In July of 1899 guide Ralph Edwards was engaged to take four explorers over the Pipestone Pass, down the Siffleur River to the Saskatchewan, up to Bear Creek (today called the Mistaya River) and then up to Bow Lake. The purpose of the expedition was to do some climbing and adventuring around the Bow Lake area. The party consisted of two lawyers, George Weed and Charles S. Thompson, and two clergymen, C.L. Noyes and Harry P. Nicholls. Of these four men, Edwards wrote:
There is an old saying used to describe a person of outstanding character that when ‘God made him He broke the mould,’ thus signifying that there were no others quite his equal; if this be so, in the present instance He broke four moulds.
After several days on the trail, the group found themselves “… between the valley of the Pipestone and the Bow.” What they did not know was where they were going to come out. One evening near Bow Lake, after supper, Edwards suggested that the following day the group should stay camped there and do some climbing while he would set out to find a shortcut to the Bow Valley somewhere north of Hector Lake. Edwards and Weed departed early the following morning, while the rest of the group climbed a nearby mountain and subsequently named it Observation Peak.
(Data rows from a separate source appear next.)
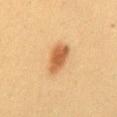No biopsy was performed on this lesion — it was imaged during a full skin examination and was not determined to be concerning. On the mid back. This is a cross-polarized tile. The subject is a female aged 38–42. A close-up tile cropped from a whole-body skin photograph, about 15 mm across. Approximately 4 mm at its widest.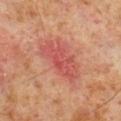<lesion>
<biopsy_status>not biopsied; imaged during a skin examination</biopsy_status>
<site>right lower leg</site>
<lesion_size>
  <long_diameter_mm_approx>5.5</long_diameter_mm_approx>
</lesion_size>
<patient>
  <sex>male</sex>
  <age_approx>60</age_approx>
</patient>
<image>
  <source>total-body photography crop</source>
  <field_of_view_mm>15</field_of_view_mm>
</image>
</lesion>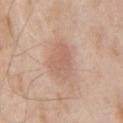Assessment: Captured during whole-body skin photography for melanoma surveillance; the lesion was not biopsied. Context: Automated tile analysis of the lesion measured roughly 8 lightness units darker than nearby skin and a lesion-to-skin contrast of about 5 (normalized; higher = more distinct). It also reported a border-irregularity rating of about 2/10 and radial color variation of about 1. The software also gave an automated nevus-likeness rating near 10 out of 100. A male patient in their 60s. About 4 mm across. A close-up tile cropped from a whole-body skin photograph, about 15 mm across. The lesion is located on the right upper arm. The tile uses white-light illumination.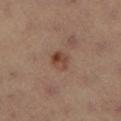The lesion was photographed on a routine skin check and not biopsied; there is no pathology result. An algorithmic analysis of the crop reported a lesion color around L≈43 a*≈20 b*≈28 in CIELAB, roughly 9 lightness units darker than nearby skin, and a normalized lesion–skin contrast near 7.5. It also reported border irregularity of about 1.5 on a 0–10 scale and a within-lesion color-variation index near 6.5/10. Captured under cross-polarized illumination. A female patient, aged around 35. The lesion is located on the left lower leg. The lesion's longest dimension is about 2.5 mm. A 15 mm close-up tile from a total-body photography series done for melanoma screening.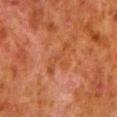Recorded during total-body skin imaging; not selected for excision or biopsy.
The lesion is on the left lower leg.
The lesion-visualizer software estimated an area of roughly 5 mm², a shape eccentricity near 0.9, and a shape-asymmetry score of about 0.55 (0 = symmetric). It also reported a within-lesion color-variation index near 0/10.
Longest diameter approximately 4.5 mm.
A 15 mm close-up tile from a total-body photography series done for melanoma screening.
This is a cross-polarized tile.
The subject is a male aged 78 to 82.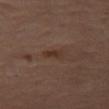The lesion was photographed on a routine skin check and not biopsied; there is no pathology result.
A close-up tile cropped from a whole-body skin photograph, about 15 mm across.
Located on the left thigh.
Approximately 3 mm at its widest.
A female subject roughly 65 years of age.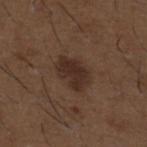• location — the upper back
• subject — male, about 50 years old
• image — ~15 mm crop, total-body skin-cancer survey
• tile lighting — white-light illumination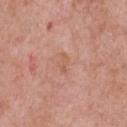This lesion was catalogued during total-body skin photography and was not selected for biopsy.
Measured at roughly 2.5 mm in maximum diameter.
A male subject aged 48–52.
Automated tile analysis of the lesion measured an automated nevus-likeness rating near 0 out of 100 and a detector confidence of about 100 out of 100 that the crop contains a lesion.
A roughly 15 mm field-of-view crop from a total-body skin photograph.
On the chest.

After facing a rockslide, which required clambering over, and then what looked like a box canyon to navigate, Edwards finally spotted a gap in the valley they were exploring. The gap went up a gentle slope for perhaps 150 feet. Behind it there were no mountains, and from their vantage point it appeared to flatten out. They had discovered what they had set out in search of. According to Edwards’s book Trail to the Charmed Land, “The pass was actually a beautiful, almost level alpine meadow, and to our left lay a lovely blue lake nestled at the base of the steep cliffs which terminated the eastern range.” The following evening, when the entire group camped at Lake Katherine, there was no wood for a fire, no sign of previous fires and not even a single teepee pole in sight. Edwards and Weed were quite certain they were the first humans ever to cross this pass.
Dolomite Pass got its name because of their similarity to the formations of the Dolomites of Italy. Lakes Katherine and Helen are named for the daughters of Rev. Nichols. Cirque Peak, named much later, in 1909, is so called simply because there is a large cirque at the base of the cliff.